Plasma is the liquid part of the blood. It is transfused to replace clotting factors in trauma patients and other large volume transfusions, liver disease and burn victims. Automated donation allows collection of a larger amount of plasma from one donor at one sitting than whole blood donation. This is particularly good for donors of type AB, which is the universal donor for plasma. Plasma can be donated every 4 weeks or more.
A very specialized type of automated donation is granulocytes, a type of white blood cells. Granulocytes are only collected upon a physician’s request for a specific patient need. The donor and patient blood types must match, and the granulocyte cannot be stored but must be transfused immediately. Therefore, interested donors will be called and scheduled for a granulocyte donation when the need arises. Because granulocyte collections require specific instrument software for the cell separation, they can only be collected at our Preston Valley and Rosedale Donor Centers.
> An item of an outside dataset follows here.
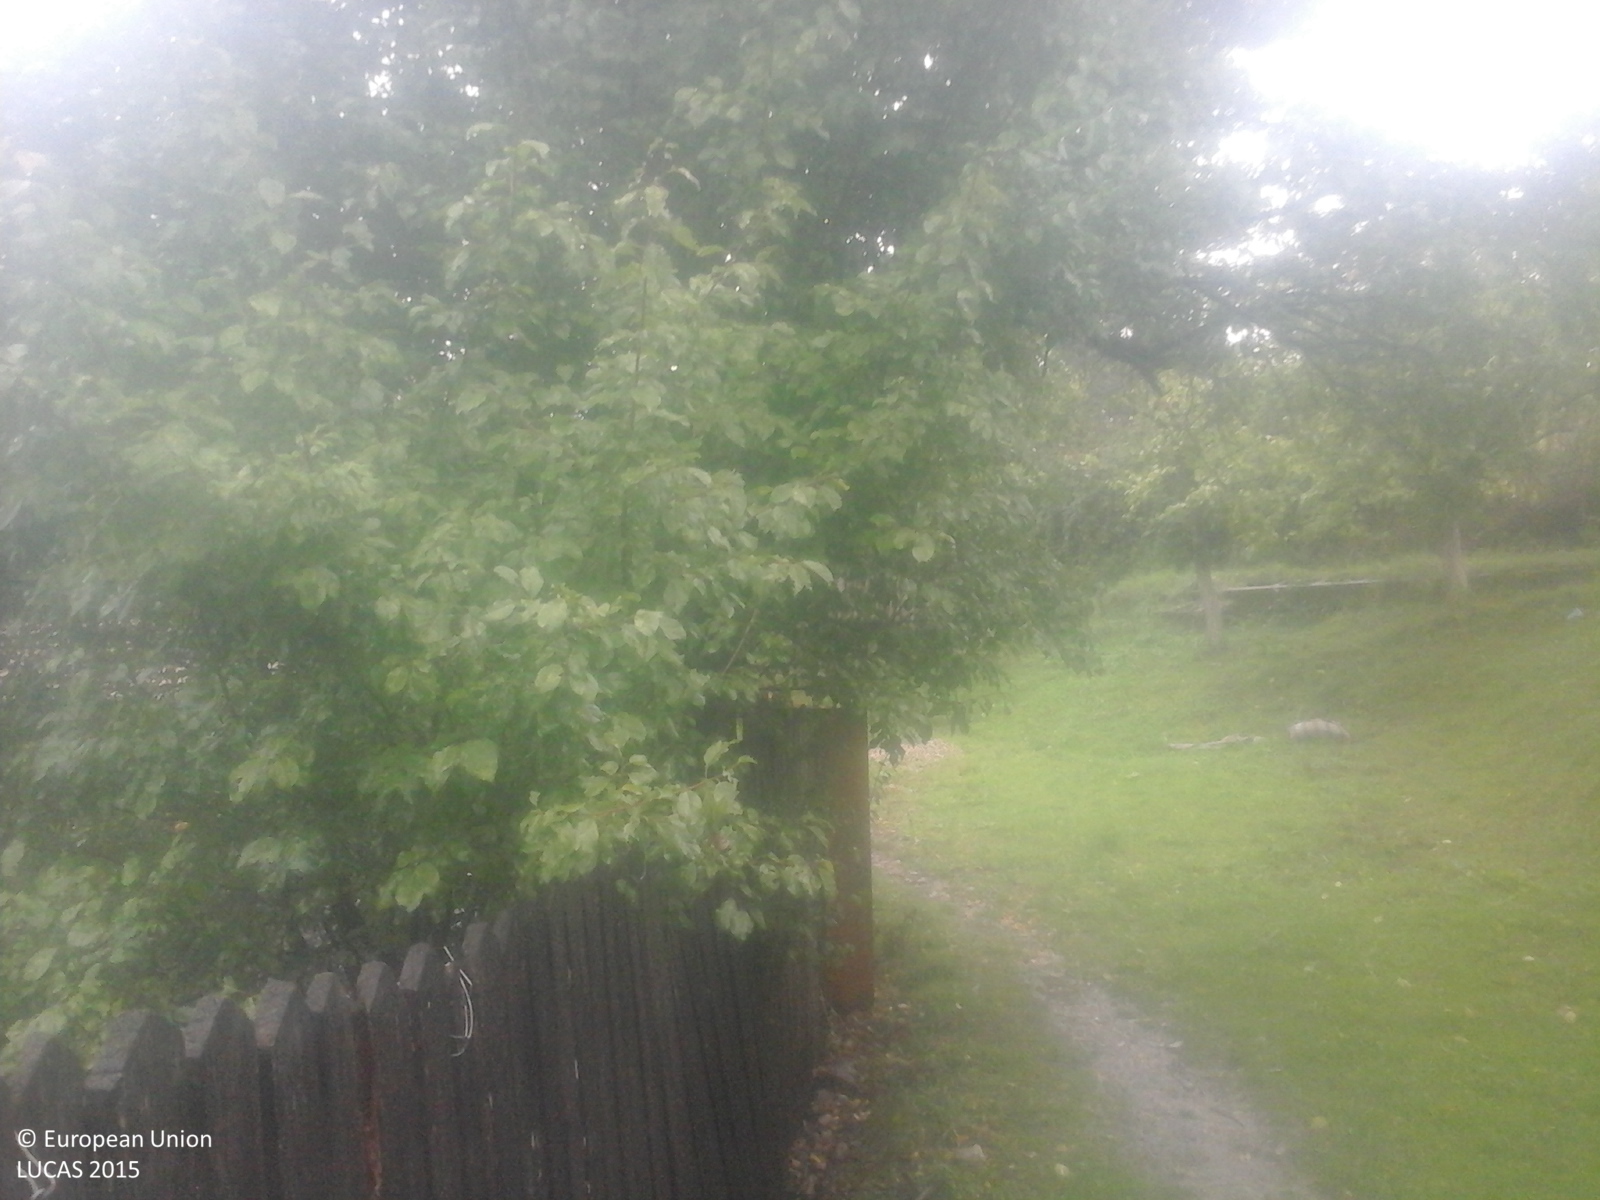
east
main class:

Donors doing a granulocyte donation must be willing to do a longer apheresis procedure, around 3 hours. Donors must also get a red cell settling medication called hydroxyethyl starch, or HES to help the red blood cells separate from the white blood cells. Finally, donors must come in for a pre-donation visit for an eligibility check, infectious disease testing in advance, and administration of white blood cell mobilization medicine. Granulocytes tend to stay stuck on the sides of the vein walls and do not flow freely in the bloodstream, so they are hard to collect normally. The mobilization medicine causes them to let go of the vein walls and flow free in the blood and be collected by our apheresis instrument. The type of medicine used is typically a steroid (or occasionally G-CSF) which must be administered prior to donation.
Granulocytes are life-saving for patients with poor bone marrow function after cancer treatment or transplantation or patients with certain blood disorders that cause poor white blood cell function. A course of daily transfusion for at least 3 to 5 days is generally needed for treatment of bacterial or fungal infection in these patients.
A note to prospective granulocyte donors: Persons with allergy to starch or who should not take steroids should not donate granulocytes. Contact our medical team for more info on this issue.
Donation of your own blood (usually red blood cells) prior to planned (non-emergency) surgery is available with the request of your physician. An extra fee generally applies. Donations must be made within a specific time frame (no less than 5 days and no more than 30 days prior to surgery). Donations must be scheduled in advance at donor center sites.
Directed donation is a friend or family member that is approved to donate for a specific patient. If the blood type is compatible, the unit will be reserved for that patient. Directed donations require the approval of the patient’s physician and the patient must approve the names of the directed donors. Extra fees apply.
Some individuals require withdrawal of blood for treatment of a medical condition. Carter BloodCare provides this service with a doctor’s prescription. There is a fee for standard therapeutic donation. For persons with hereditary hemochromatosis or high blood counts due to testosterone therapy, Carter BloodCare offers a program for enrollment with doctor’s endorsement. If enrolled, the individual can qualify for blood withdrawal at no charge and possible use of the units for patient transfusion, if the donor has no disqualifying health history.